What you will do: What you give back must match the records below exactly, apart from the pictures, which are omitted.

Data:
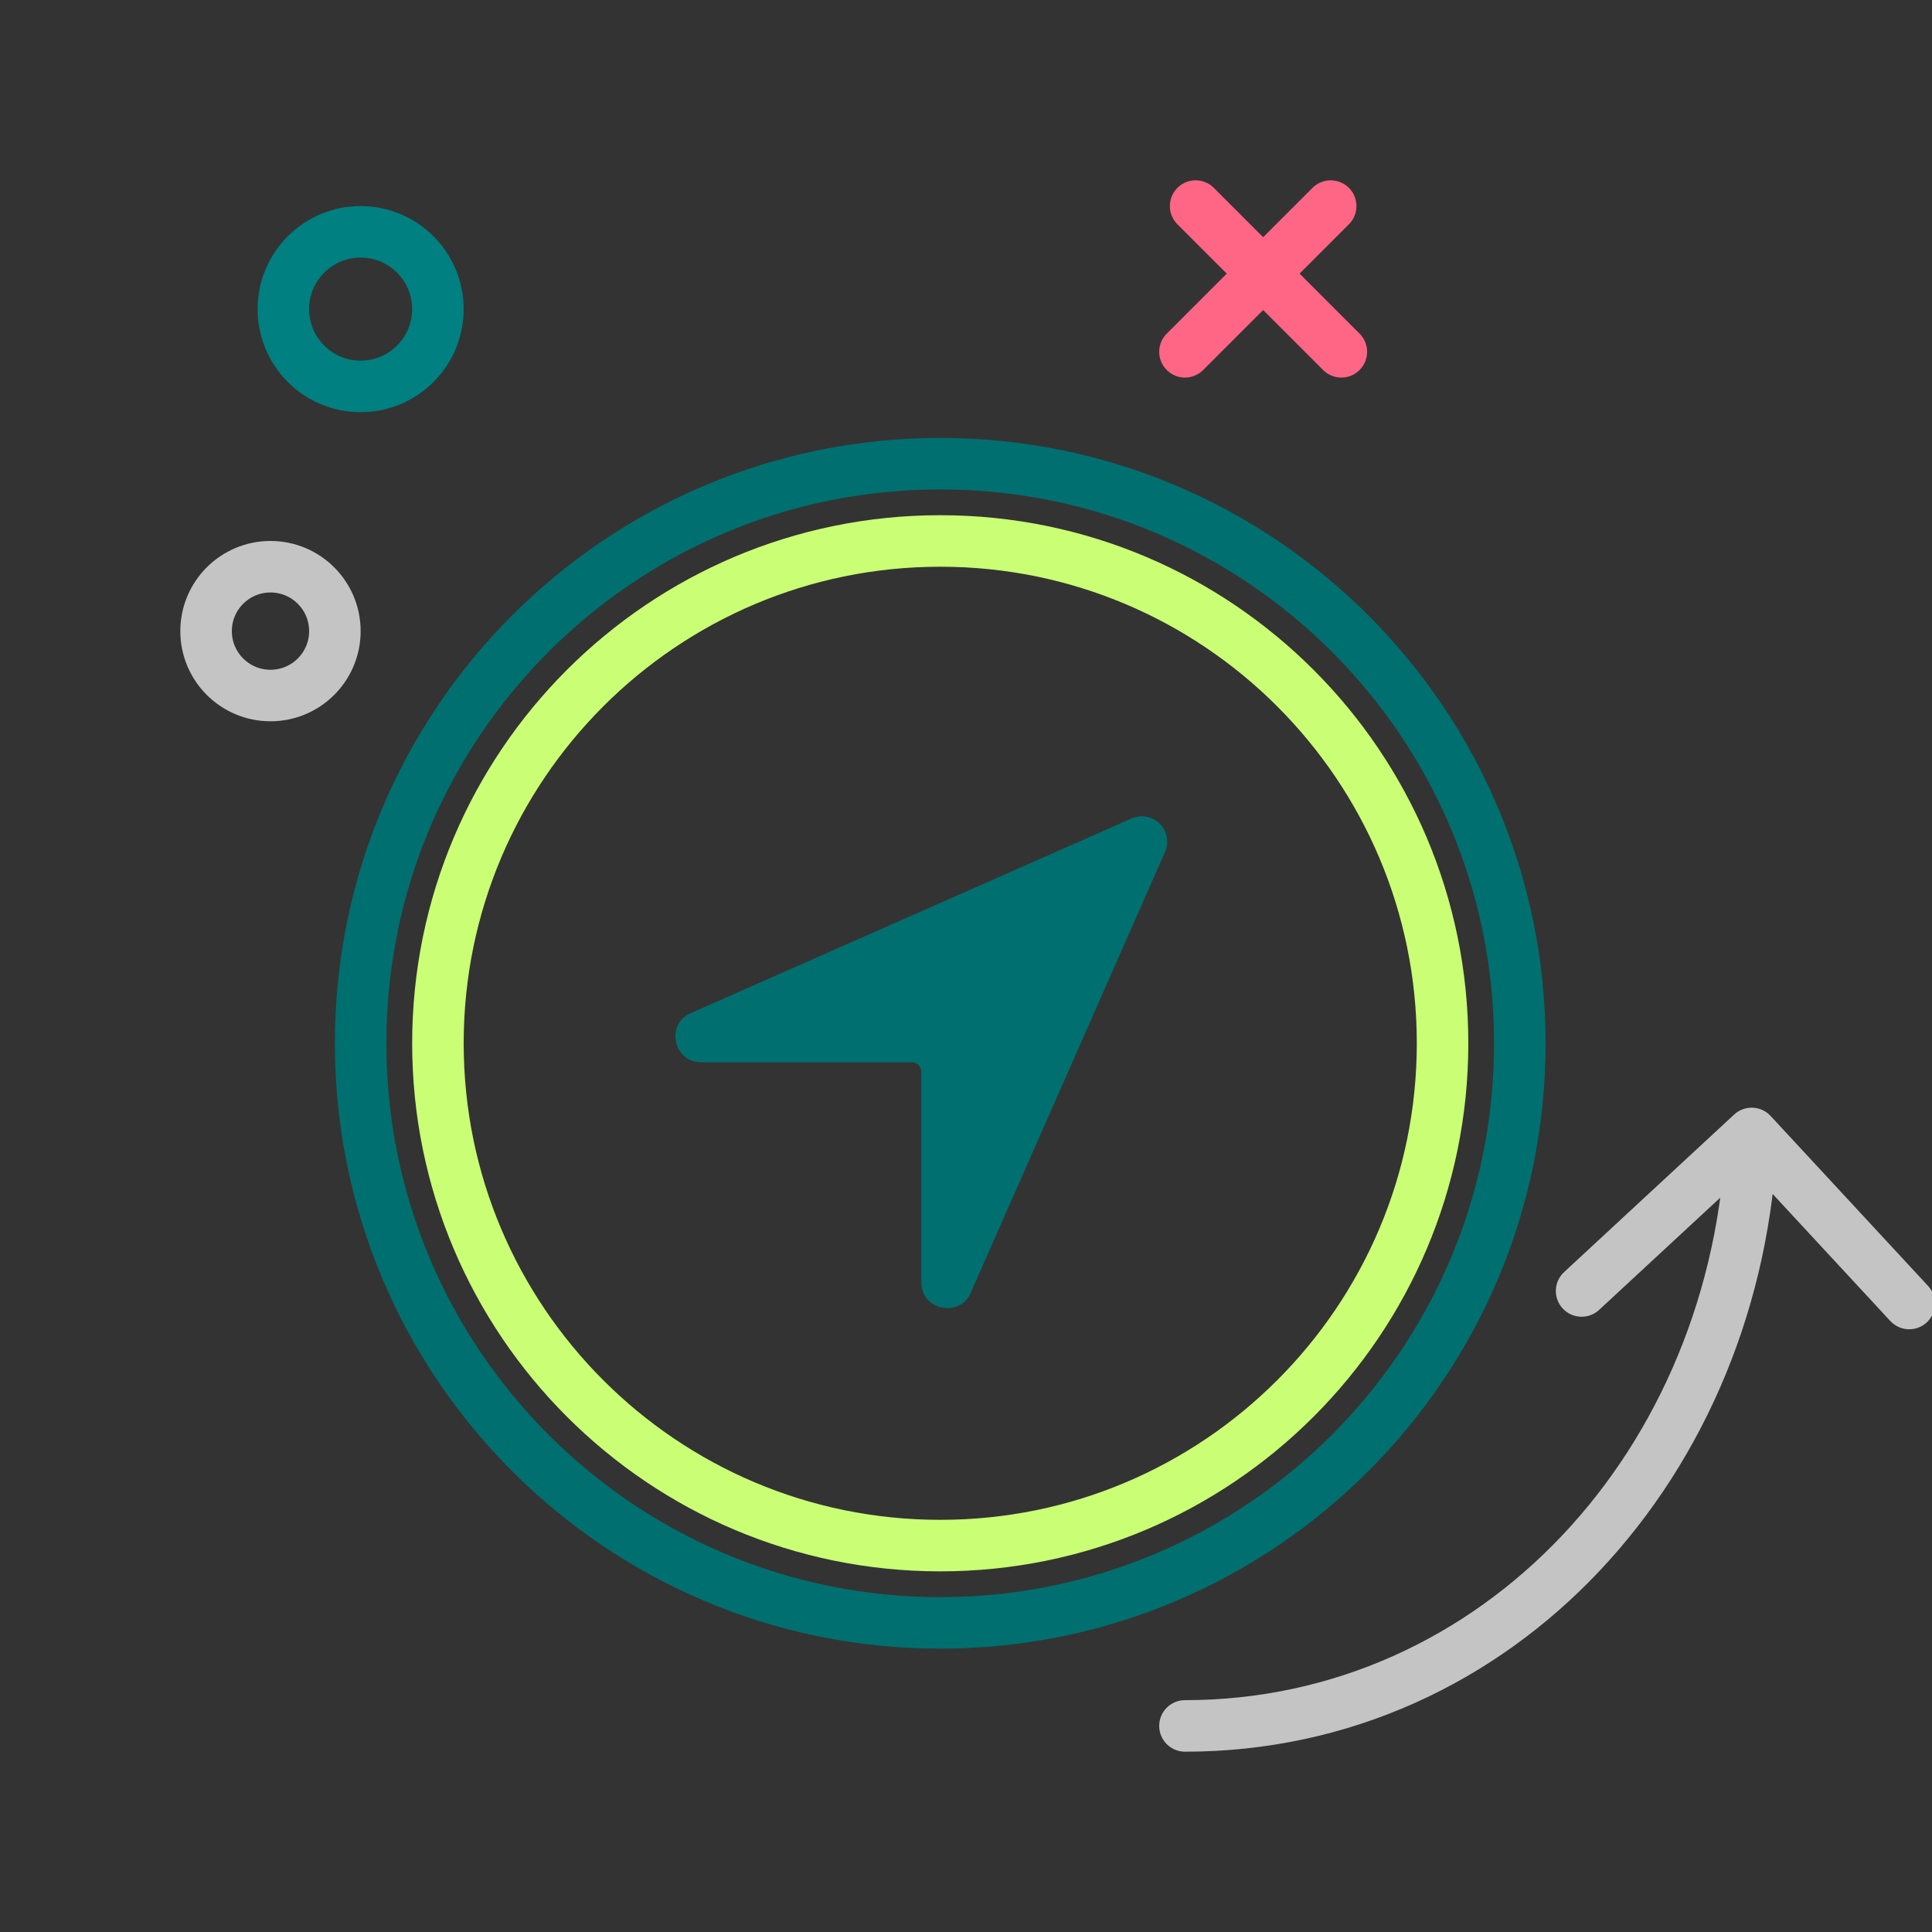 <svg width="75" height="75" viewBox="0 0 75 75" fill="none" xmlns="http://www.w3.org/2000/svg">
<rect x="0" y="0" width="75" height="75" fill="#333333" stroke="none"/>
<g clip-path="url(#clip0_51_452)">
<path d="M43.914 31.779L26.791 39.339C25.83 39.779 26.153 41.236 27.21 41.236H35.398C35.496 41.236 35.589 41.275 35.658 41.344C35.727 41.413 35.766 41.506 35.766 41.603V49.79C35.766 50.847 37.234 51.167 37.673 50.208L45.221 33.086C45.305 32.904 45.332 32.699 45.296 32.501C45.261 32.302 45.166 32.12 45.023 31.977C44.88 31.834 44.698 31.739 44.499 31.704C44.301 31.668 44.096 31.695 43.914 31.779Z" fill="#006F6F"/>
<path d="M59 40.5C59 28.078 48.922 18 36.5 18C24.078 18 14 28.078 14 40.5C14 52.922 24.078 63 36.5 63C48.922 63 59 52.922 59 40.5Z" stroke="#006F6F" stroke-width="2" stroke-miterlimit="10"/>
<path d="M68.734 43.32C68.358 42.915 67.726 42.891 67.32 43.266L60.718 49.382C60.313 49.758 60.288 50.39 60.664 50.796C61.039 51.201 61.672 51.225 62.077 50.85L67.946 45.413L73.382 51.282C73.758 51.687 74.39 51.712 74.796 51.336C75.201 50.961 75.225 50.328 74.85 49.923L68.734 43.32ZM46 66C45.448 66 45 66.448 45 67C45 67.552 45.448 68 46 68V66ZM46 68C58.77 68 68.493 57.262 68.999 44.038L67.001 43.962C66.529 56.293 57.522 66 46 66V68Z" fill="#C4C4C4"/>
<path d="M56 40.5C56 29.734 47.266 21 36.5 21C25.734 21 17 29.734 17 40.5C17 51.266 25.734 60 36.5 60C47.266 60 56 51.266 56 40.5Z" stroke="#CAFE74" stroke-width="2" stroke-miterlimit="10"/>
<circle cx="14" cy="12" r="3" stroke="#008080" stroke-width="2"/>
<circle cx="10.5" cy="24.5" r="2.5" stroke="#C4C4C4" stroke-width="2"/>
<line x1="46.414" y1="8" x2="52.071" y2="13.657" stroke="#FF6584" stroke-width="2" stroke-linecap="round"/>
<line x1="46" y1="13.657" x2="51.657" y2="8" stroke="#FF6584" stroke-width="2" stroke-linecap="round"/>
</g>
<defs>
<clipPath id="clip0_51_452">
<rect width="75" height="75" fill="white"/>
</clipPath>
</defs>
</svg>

Solution for this problem:
 <svg width="75" height="75" viewBox="0 0 75 75" fill="none" xmlns="http://www.w3.org/2000/svg">
<rect x="0" y="0" width="75" height="75" fill="#333333" stroke="none"/>
<g clip-path="url(#clip0_51_452)">
<path d="M43.914 31.779L26.791 39.339C25.83 39.779 26.153 41.236 27.21 41.236H35.398C35.496 41.236 35.589 41.275 35.658 41.344C35.727 41.413 35.766 41.506 35.766 41.603V49.79C35.766 50.847 37.234 51.167 37.673 50.208L45.221 33.086C45.305 32.904 45.332 32.699 45.296 32.501C45.261 32.302 45.166 32.12 45.023 31.977C44.88 31.834 44.698 31.739 44.499 31.704C44.301 31.668 44.096 31.695 43.914 31.779Z" fill="#006F6F"/>
<path d="M59 40.5C59 28.078 48.922 18 36.5 18C24.078 18 14 28.078 14 40.5C14 52.922 24.078 63 36.5 63C48.922 63 59 52.922 59 40.5Z" stroke="#006F6F" stroke-width="2" stroke-miterlimit="10"/>
<path d="M68.734 43.32C68.358 42.915 67.726 42.891 67.32 43.266L60.718 49.382C60.313 49.758 60.288 50.39 60.664 50.796C61.039 51.201 61.672 51.225 62.077 50.85L67.946 45.413L73.382 51.282C73.758 51.687 74.39 51.712 74.796 51.336C75.201 50.961 75.225 50.328 74.85 49.923L68.734 43.32ZM46 66C45.448 66 45 66.448 45 67C45 67.552 45.448 68 46 68V66ZM46 68C58.77 68 68.493 57.262 68.999 44.038L67.001 43.962C66.529 56.293 57.522 66 46 66V68Z" fill="#C4C4C4"/>
<path d="M56 40.5C56 29.734 47.266 21 36.5 21C25.734 21 17 29.734 17 40.5C17 51.266 25.734 60 36.5 60C47.266 60 56 51.266 56 40.5Z" stroke="#CAFE74" stroke-width="2" stroke-miterlimit="10"/>
<circle cx="14" cy="12" r="3" stroke="#008080" stroke-width="2"/>
<circle cx="10.5" cy="24.5" r="2.5" stroke="#C4C4C4" stroke-width="2"/>
<line x1="46.414" y1="8" x2="52.071" y2="13.657" stroke="#FF6584" stroke-width="2" stroke-linecap="round"/>
<line x1="46" y1="13.657" x2="51.657" y2="8" stroke="#FF6584" stroke-width="2" stroke-linecap="round"/>
</g>
<defs>
<clipPath id="clip0_51_452">
<rect width="75" height="75" fill="white"/>
</clipPath>
</defs>
</svg>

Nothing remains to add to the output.